Upon awakening, the world has changed — much for the worse. The storms have gotten worse, decimating the human population which has split into two warring factions fighting over scarce resources. Technology is on the unreliable due to the storms, and other Altered have taken up sides.

As one gifted by the Anomaly, you are humanity’s biggest hope against threats known and unknown. It is up to you to find a way to the other side of the Anomaly to contact the mothership and have it deliver the last of its precious supplies.

Outrider mechanics
Outriders plays much like Gears of War if you took out the roadie run and added some extra meta-human abilities.

The cover mechanic lets you sit behind protection or move from barrier to barrier as you maneuver and wade through the battlefield and a constant stream of bullets. Aiming your gun with the targeting trigger lets you peek out of cover to return fire. Firing without aiming lets you blind-fire, but it’s inaccurate and can be a waste of bullets — which you’ll find are in short supply.

The game offers you one of four classes to choose from once you’ve reached a certain point in the story. The Technomancer, Pyromancer, Devastator, or the Trickster each have unique abilities and a life-gain skill attached to a style of play. Life-gain is a huge part of your survivability and will shape how players approach combat and gearing up.

For players who like it up close and personal, the Trickster and Devastator offer you a chance to hit your enemies with melee and short-distance attacks in order to activate life-gain.

The Trickster is an agile and hard-hitting ninja with time powers that allow them to teleport into the fray and freeze enemies. Tricksters are pretty squishy, but quick and close kills will also add a shield on top of their life bars to soak up damage.

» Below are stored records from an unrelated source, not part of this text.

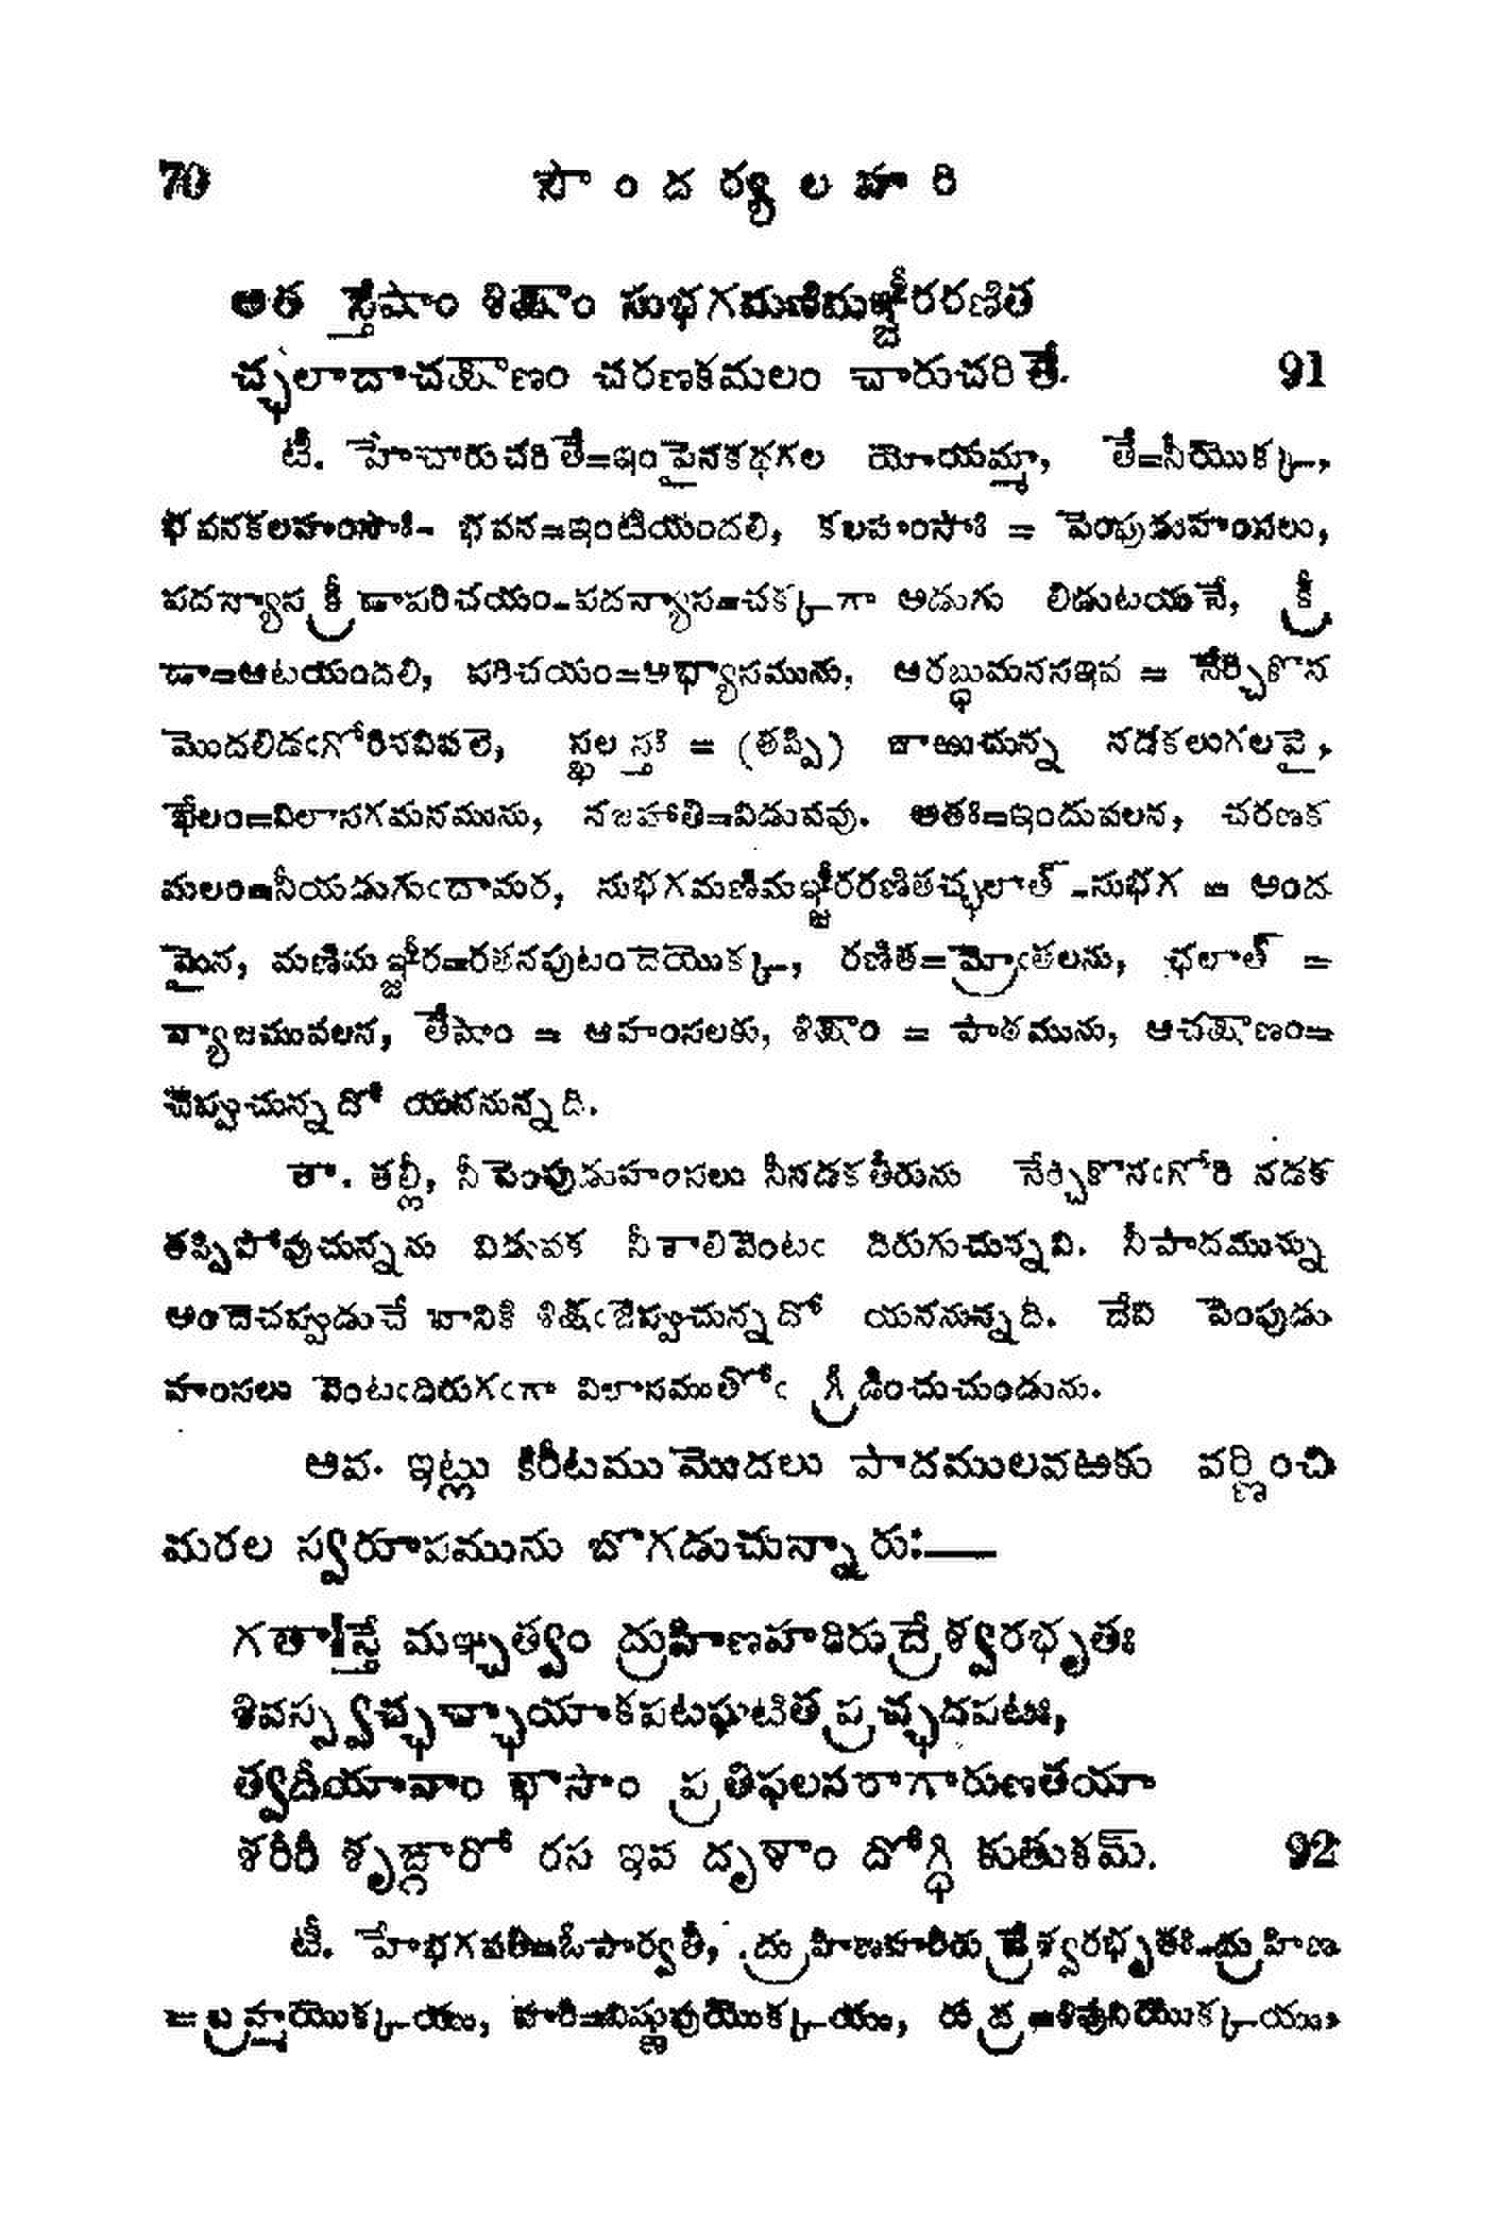అత స్తేషాం శిక్షాం సుభగమణిమఞ్జీరరణిత
చ్ఛలాదాచక్షాణం చరణకమలం చారుచరితే. 91
టీ. హేచారుచరితే = ఇంపైనకథగల యోయమ్మా, తే = నీయొక్క, భవనకలహంసాః-భవన = ఇంటియందలి, కలహంసాః = పెంపుడుహంసలు, పదన్యాసక్రీడాపరిచయం-పదన్యాస = చక్కగా అడుగు లిడుటయనే, క్రీడా = ఆటయందలి, పరిచయం = అభ్యాసమును, అరబ్ధుమనసఇవ = నేర్చికొన మొదలిడఁగోరినవివలె, స్ఖలన్తః = (తప్పి) జాఱుచున్న నడకలుగలవై, ఖేలం = విలాసగమనమును, నజహాతి = విడువవు, అతః = ఇందువలన, చరణకమలం = నీయడుగుఁదామర, సుభగమణిమఞ్జీరరణితచ్ఛలాత్-సుభగ = అందమైన, మణిమఞ్జీర = రతనపుటందెయొక్క, రణిత = మ్రోఁతలను, ఛలాత్ = వ్యాజమువలన, తేషాం = ఆహంసలకు, శిక్షాం = పాఠమును, ఆచక్షాణం = చెప్పుచున్నదో యననున్నది.

తా. తల్లీ, నీపెంపుడుహంసలు నీనడకతీరును నేర్చికొనఁగోరి నడక తప్పిపోవుచున్నను విడువక నీకాలివెంటఁ దిరుగుచున్నవి. నీపాదమున్ను అందెచప్పుడుచే వానికి శిక్షఁజెప్పుచున్నదో యననున్నది. దేవి పెంపుడు హంసలు వెంటఁదిరుగఁగా విలాసముతోఁ గ్రీడించుచుండును.

ఆవ. ఇట్లు కిరీటముమొదలు పాదములవఱకు వర్ణించి మరల స్వరూపమును బొగడుచున్నారు:-

గతాస్తే మఞ్చత్వం ద్రుహిణహరిరుద్రేశ్వరభృతః
శివస్స్వచ్ఛచ్ఛాయాకపటఘటితప్రచ్ఛదపటః,
త్వదీయానాం భాసాం ప్రతిఫలనరాగారుణతయా
శరీరీ శృఙ్గారో రస ఇవ దృశాం దోగ్ధి కుతుకమ్. 92
టీ. హేభగవతి = ఓపార్వతీ, ద్రుహిణహరిరుద్రేశ్వరభృతః-ద్రుహిణ = బ్రహ్మయొక్కయు, హరి = విష్ణువుయొక్కయు, రుద్ర = శివునియొక్కయు,

The Devastator also relies on close-range kills in order to heal, but their main purpose is to tank and take the focus off their teammates. Though it was considered the worst of the classes at launch, players have found ways to make them a formidable presence.

The Pyromancer is the game’s midrange mage, capable of lighting the battlefield on fire and turning enemies into exploding bombs. Pyromancers mark enemies with burn or ash, and killing marked enemies is key to a Pyromancer’s survival.

For support, the Technomancer plays the role of healer, sniper, and gadgeteer. Relying on turrets and grenades, the Technomancer can add more targets and distractions while poisoning enemies. Any damage done refills the Technomancer’s life gauge.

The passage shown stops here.